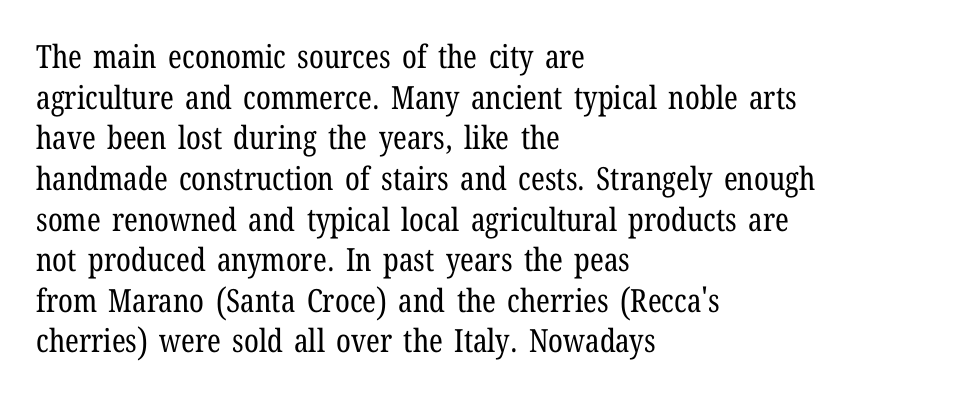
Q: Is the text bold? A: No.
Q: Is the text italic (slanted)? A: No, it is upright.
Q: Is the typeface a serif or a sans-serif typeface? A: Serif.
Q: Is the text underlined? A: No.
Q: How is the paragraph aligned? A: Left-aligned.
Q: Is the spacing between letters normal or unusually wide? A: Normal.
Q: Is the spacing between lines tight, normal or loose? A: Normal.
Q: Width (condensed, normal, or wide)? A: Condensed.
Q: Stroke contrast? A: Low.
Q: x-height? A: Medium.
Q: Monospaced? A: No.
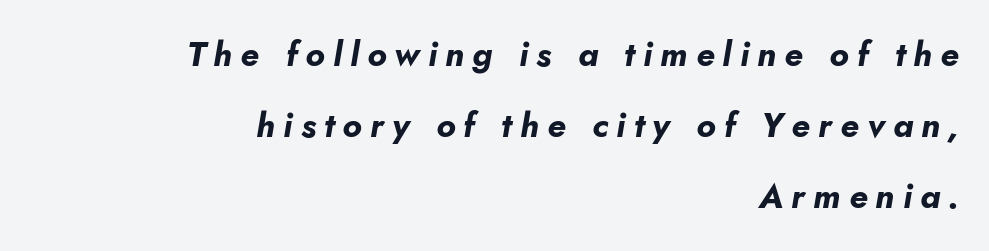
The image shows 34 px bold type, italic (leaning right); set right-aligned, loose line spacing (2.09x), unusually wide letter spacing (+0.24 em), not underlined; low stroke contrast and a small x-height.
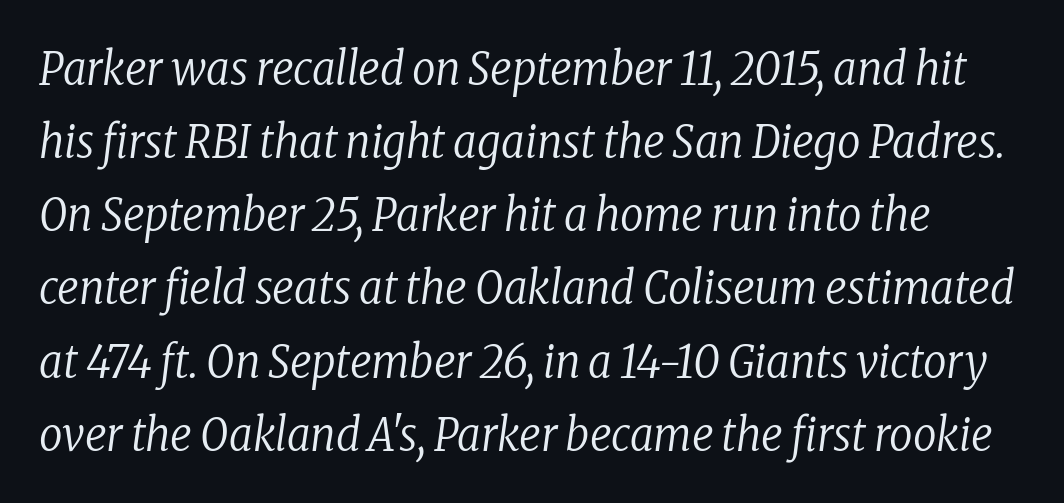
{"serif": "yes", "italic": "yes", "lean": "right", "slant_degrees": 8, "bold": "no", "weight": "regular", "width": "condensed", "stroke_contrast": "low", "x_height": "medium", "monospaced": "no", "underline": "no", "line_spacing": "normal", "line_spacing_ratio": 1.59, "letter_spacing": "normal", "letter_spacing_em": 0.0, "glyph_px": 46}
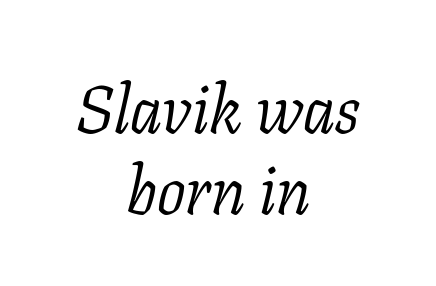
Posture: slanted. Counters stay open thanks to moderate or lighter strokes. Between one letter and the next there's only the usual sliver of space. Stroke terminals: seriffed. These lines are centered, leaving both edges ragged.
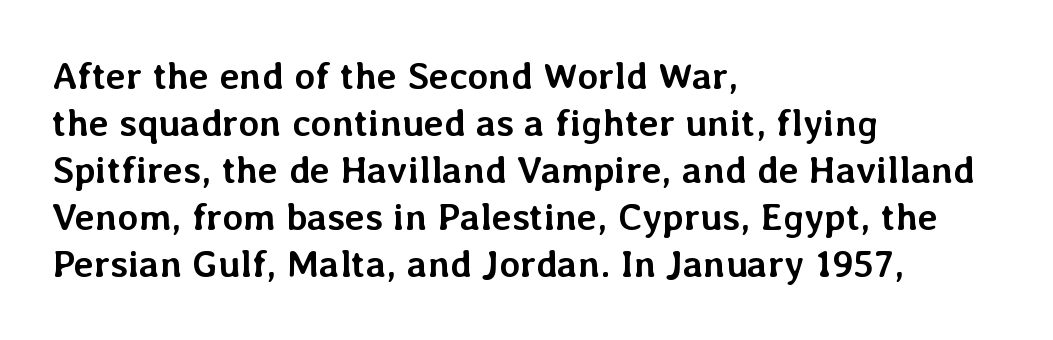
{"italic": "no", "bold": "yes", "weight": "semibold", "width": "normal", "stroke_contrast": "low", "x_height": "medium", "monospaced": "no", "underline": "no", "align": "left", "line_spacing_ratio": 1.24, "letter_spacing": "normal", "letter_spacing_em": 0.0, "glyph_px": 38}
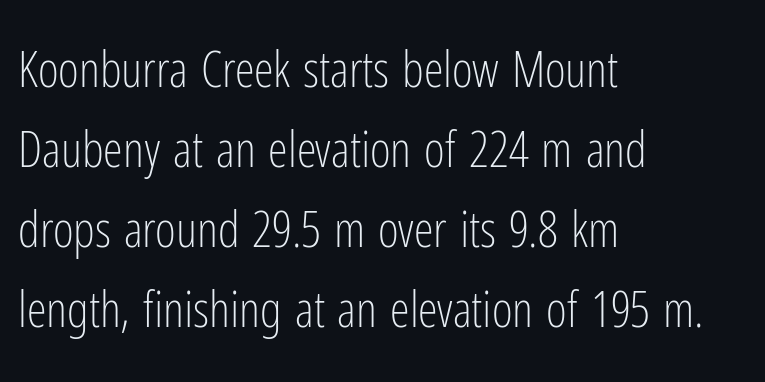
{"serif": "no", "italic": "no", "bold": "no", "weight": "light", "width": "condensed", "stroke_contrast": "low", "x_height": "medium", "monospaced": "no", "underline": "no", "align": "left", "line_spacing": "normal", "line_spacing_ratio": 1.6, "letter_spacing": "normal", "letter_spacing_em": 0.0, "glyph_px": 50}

AIM OF THE EXERCISE — Show every line of the entries above where the word "normal" occurs.

SOLVED EXERCISE —
Q: Is the spacing between letters normal or unusually wide? A: Normal.
Q: Is the spacing between lines tight, normal or loose? A: Normal.
Q: Width (condensed, normal, or wide)? A: Condensed.
{"serif": "yes", "italic": "yes", "lean": "right", "slant_degrees": 8, "bold": "no", "weight": "regular", "width": "condensed", "stroke_contrast": "low", "x_height": "medium", "monospaced": "no", "underline": "no", "line_spacing": "normal", "line_spacing_ratio": 1.59, "letter_spacing": "normal", "letter_spacing_em": 0.0, "glyph_px": 46}
{"italic": "no", "bold": "yes", "weight": "semibold", "width": "normal", "stroke_contrast": "low", "x_height": "medium", "monospaced": "no", "underline": "no", "align": "left", "line_spacing_ratio": 1.24, "letter_spacing": "normal", "letter_spacing_em": 0.0, "glyph_px": 38}
{"serif": "no", "italic": "no", "bold": "no", "weight": "light", "width": "condensed", "stroke_contrast": "low", "x_height": "medium", "monospaced": "no", "underline": "no", "align": "left", "line_spacing": "normal", "line_spacing_ratio": 1.6, "letter_spacing": "normal", "letter_spacing_em": 0.0, "glyph_px": 50}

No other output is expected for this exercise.